Under conditions of active dissolution, where soluble corrosion products are continuously exposed to the metal, the corrosion rate depends on thermodynamic factors such as temperature and acidity/alkalinity (pH). The corrosion rate increases with rising temperature and decreasing pH. However, in practical scenarios, even uniform corrosion becomes complex due to the deposition of corrosion products on the metal surface. In geothermal applications, the corrosion rate is influenced by various factors, including fluid composition, temperature, pH, pressure, metal material, and fluid flow characteristics. Uniform corrosion is commonly associated with carbon steels in geothermal plants, and some CS corrosion rates are detailed in Table 2.
The influence of temperature on the corrosion rate of CS in geothermal environments is not straightforward and can vary based on specific conditions.
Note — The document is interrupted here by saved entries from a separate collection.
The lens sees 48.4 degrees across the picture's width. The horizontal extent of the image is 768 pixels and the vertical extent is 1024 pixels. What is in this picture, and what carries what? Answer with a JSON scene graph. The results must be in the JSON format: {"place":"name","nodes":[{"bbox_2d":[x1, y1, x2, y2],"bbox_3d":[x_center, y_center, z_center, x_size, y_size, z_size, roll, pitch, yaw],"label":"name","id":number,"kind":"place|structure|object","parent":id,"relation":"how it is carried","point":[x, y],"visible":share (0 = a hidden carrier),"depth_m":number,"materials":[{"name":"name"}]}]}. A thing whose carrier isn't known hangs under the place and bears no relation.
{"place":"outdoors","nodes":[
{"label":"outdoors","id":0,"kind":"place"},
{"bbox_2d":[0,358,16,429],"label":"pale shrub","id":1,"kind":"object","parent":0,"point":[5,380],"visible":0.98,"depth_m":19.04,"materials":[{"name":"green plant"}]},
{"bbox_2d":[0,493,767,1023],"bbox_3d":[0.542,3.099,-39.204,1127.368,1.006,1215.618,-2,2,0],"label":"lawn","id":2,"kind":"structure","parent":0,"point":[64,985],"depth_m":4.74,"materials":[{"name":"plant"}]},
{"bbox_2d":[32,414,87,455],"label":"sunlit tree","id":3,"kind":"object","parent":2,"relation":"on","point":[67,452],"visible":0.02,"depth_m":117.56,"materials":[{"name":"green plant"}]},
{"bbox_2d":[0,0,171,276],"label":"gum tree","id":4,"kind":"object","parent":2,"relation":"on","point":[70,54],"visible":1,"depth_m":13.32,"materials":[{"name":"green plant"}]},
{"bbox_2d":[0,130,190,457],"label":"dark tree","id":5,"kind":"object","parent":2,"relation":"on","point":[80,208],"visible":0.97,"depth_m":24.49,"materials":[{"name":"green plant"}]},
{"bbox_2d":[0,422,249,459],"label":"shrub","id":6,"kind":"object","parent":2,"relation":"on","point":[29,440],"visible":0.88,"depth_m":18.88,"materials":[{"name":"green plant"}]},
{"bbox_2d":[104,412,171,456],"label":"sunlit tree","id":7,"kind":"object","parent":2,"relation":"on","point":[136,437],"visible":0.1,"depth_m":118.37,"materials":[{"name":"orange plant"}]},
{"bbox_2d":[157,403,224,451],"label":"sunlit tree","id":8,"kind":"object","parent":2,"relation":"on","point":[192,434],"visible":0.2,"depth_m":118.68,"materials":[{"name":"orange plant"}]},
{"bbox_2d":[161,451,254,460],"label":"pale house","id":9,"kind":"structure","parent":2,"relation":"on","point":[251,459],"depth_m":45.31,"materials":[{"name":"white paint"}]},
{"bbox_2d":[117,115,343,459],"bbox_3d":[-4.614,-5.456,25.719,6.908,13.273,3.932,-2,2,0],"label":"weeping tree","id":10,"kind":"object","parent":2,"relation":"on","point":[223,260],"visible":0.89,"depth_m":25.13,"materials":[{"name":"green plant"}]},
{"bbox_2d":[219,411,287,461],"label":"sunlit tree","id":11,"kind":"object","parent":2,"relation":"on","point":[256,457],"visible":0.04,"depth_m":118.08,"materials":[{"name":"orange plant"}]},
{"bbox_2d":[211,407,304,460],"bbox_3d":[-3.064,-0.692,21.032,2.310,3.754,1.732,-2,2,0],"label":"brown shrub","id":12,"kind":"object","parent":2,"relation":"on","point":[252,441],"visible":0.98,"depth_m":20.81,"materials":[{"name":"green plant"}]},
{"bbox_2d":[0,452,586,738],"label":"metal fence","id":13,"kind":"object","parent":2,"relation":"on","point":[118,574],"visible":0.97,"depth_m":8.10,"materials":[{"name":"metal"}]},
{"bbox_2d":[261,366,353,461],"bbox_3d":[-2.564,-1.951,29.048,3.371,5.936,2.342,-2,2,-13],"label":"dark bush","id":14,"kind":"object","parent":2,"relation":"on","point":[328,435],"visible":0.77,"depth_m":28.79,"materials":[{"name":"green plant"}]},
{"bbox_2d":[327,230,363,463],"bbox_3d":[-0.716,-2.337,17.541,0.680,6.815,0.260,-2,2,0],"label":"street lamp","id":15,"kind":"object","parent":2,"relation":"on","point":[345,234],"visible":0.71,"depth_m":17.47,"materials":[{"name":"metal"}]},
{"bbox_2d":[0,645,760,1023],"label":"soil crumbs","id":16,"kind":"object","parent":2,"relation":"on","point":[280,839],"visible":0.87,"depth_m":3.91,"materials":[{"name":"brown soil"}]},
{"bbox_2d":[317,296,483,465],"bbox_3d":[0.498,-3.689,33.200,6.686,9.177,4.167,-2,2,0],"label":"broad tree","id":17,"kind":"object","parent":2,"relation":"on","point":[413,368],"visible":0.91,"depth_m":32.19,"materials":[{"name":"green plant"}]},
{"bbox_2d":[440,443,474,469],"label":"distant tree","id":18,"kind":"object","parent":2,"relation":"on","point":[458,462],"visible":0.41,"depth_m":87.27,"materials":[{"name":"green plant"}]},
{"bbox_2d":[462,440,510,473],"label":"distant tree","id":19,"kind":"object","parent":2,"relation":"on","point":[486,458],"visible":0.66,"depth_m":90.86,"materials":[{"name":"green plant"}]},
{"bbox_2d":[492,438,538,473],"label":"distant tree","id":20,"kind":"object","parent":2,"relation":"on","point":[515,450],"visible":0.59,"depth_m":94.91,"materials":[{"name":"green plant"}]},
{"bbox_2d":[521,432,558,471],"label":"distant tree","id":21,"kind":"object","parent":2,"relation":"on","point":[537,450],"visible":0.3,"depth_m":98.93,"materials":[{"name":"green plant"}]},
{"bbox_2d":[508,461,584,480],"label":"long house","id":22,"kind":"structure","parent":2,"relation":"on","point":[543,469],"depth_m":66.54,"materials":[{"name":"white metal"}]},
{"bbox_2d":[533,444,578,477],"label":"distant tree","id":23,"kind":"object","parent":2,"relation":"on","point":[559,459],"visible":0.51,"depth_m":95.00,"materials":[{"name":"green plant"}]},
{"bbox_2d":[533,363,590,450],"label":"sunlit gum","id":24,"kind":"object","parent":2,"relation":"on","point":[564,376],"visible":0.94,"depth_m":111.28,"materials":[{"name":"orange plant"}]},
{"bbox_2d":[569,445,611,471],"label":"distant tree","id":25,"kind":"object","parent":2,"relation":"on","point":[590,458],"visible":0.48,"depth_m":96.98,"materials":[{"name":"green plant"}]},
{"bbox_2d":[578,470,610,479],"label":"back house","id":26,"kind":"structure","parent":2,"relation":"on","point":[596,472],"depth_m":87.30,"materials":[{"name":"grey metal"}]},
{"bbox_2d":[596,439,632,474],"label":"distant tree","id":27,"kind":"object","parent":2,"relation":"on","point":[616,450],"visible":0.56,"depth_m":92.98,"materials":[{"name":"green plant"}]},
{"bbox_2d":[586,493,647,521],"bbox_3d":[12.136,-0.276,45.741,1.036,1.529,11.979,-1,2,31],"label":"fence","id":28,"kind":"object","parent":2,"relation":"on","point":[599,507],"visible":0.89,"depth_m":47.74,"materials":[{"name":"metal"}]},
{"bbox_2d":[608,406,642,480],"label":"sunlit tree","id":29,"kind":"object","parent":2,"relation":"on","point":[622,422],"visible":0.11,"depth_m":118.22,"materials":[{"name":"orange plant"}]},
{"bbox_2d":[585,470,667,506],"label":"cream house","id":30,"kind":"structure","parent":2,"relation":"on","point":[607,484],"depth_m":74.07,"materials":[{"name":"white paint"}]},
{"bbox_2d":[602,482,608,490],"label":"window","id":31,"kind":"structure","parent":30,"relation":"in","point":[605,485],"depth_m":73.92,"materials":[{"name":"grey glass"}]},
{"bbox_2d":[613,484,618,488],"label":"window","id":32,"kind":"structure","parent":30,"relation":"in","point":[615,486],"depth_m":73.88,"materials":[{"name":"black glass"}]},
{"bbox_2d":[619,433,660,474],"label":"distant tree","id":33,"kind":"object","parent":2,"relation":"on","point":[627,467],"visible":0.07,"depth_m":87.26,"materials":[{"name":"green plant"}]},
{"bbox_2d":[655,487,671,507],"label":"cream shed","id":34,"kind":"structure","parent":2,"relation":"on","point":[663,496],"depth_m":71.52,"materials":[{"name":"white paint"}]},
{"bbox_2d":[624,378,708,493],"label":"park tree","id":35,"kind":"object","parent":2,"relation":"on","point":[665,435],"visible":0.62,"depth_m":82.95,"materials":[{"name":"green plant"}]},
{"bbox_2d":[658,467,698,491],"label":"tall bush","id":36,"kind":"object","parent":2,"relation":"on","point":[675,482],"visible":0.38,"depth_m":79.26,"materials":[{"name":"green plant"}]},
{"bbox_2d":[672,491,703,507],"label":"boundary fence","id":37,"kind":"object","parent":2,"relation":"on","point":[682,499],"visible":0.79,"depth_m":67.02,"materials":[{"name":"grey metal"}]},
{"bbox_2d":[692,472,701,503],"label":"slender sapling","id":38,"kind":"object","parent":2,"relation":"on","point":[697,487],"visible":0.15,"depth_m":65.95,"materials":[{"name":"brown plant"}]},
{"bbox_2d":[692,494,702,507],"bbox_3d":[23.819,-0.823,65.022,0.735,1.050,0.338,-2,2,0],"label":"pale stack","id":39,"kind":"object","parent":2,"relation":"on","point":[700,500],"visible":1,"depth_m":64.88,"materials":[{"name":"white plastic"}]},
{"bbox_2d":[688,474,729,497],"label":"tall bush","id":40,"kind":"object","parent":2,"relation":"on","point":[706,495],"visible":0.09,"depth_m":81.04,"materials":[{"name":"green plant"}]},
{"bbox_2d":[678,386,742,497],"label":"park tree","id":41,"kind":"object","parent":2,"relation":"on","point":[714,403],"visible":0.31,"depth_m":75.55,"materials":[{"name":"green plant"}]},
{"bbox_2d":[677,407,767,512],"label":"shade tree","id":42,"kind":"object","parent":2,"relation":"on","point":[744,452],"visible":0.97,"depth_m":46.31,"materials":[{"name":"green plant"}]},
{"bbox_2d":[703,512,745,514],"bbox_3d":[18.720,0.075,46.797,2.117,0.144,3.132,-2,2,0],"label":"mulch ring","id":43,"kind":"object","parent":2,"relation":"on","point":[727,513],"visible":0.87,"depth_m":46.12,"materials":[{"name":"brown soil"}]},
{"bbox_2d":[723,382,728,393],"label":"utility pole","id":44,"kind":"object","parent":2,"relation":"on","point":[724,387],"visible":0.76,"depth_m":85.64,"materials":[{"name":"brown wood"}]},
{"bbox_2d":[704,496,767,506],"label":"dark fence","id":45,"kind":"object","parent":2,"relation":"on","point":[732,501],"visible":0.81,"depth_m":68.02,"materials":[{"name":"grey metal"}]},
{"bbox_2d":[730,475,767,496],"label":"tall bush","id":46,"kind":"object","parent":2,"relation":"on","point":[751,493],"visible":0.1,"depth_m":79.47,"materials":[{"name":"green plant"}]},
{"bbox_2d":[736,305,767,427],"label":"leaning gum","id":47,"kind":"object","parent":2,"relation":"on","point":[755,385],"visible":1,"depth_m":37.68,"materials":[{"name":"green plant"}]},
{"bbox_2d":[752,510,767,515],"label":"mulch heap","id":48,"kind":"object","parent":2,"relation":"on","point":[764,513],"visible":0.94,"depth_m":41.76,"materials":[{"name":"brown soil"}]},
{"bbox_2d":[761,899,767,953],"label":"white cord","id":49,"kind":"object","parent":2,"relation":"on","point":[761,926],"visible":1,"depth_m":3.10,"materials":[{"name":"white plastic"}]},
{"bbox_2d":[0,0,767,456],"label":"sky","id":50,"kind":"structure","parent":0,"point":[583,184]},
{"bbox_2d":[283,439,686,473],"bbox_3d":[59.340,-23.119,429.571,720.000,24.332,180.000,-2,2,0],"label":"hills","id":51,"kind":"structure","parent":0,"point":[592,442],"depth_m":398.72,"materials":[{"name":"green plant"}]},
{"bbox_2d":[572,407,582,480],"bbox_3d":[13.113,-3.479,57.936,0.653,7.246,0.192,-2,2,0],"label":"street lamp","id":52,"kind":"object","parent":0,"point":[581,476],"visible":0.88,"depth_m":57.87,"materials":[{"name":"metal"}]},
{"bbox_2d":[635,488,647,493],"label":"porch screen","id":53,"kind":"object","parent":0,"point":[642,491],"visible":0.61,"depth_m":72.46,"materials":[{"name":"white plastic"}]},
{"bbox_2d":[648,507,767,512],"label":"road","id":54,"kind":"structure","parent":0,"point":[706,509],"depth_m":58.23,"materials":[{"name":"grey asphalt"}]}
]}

Nikitasari et al. [28] and Huttenloch et al. [29] observed that the corrosion rate tends to increase with rising temperature and decreasing pH. However, the presence of protective corrosion product layers can mitigate corrosion if they are sufficiently dense and adherent. For instance, Huttenloch et al. [29] noted a reduction in the corrosion rate at 160 °C compared to 80 °C and attributed this to the formation of a denser carbonate corrosion product layer [29]. Similar observations of lower corrosion rates at higher temperatures were reported for API L80 steel [26,27], although explanations were not provided.
Mundhenk et al. [30] identified different corrosion mechanisms at various temperatures (80, 120, and 160 °C) for API P110 steel. Corrosion was uniform at 80 and 160 °C, with a corrosion rate an order of magnitude lower at 160 °C. At 120 °C, corrosion was more localized. The corrosion products identified at 80 °C consisted of a Fe3C network, retained from the original metal microstructure, and impregnated with porous FeCO3, offering limited corrosion protection. Above 160 °C, a more protective crystalline Fe-oxide film formed, further lowering the corrosion rate [32]. Aristia et al. [31] also observed a reduction in the corrosion rate at 150 °C compared to 70 °C, attributed to the formation of a dense crystalline FeCO3 layer. At 70 °C, the corrosion product formation included chukanovite (Fe2(OH)2CO3) and siderite (FeCO3), which are less dense and, therefore, less protective.
In the liquid phase, the flow rate of the fluid significantly affects the corrosion rate, with increasing flow rate correlating with higher corrosion rates [28]. However, in the vapor phase, temperature is the dominant factor and the impact of flow rate is negligible [29]. In the vapor phase, corrosion is primarily induced by the formation of carbonic acid in condensed water in the presence of CO2. The presence of oxygen can accelerate corrosion, particularly when introduced during maintenance operations [26].

4.2. Localised Corrosion

Unlike uniform corrosion, localized corrosion is highly unpredictable and characterized by a rapid rate of metal penetration that can lead to premature component failure. Only a small section of the material is affected, with two primary forms of localized corrosion: pitting and crevicing.
Pitting corrosion occurs when the protective oxide film or deposit layer is breached at a local point, exposing a small area of the metal to the corrosive environment. The exposed metal dissolves, creating a pit that serves as an anode relative to the surrounding protected outer surface. Pitting is an autocatalytic process, where pit growth creates conditions that further encourage pit development [33]. Detecting pitting corrosion is challenging as it often results in minimal weight loss, making it difficult to identify. The formation of a pit can have severe consequences for the structural integrity of a component, as it represents a stress concentration feature. Under specific conditions, stress and pitting can interact, leading to stress corrosion cracking (SCC). Typically, pitting is associated with alloys like stainless steel, Ni-alloys, and titanium alloys that rely on the formation of a protective oxide film for corrosion resistance. Pitting corrosion is a stochastic phenomenon linked to material defects (such as slip planes, grain boundaries, or inclusions), design issues, or environmental factors.
Crevicing differs from pitting in terms of its initiation mechanism, which originates from geometric considerations. Crevicing occurs in narrow, enclosed spaces on the metal surface. This type of corrosion is often characterized by accelerated metal loss within the crevice or gap, driven by differences in oxygen (aeration cell) concentration, pH, or other factors between the crevice and the surrounding environment [34]. Crevices can form due to poor component design or after the deposition of scale deposits. Localized corrosion is exacerbated by the presence of chemical species in the geothermal fluid that promote depassivation, such as Cl, SO4, and H+ (low pH) [35].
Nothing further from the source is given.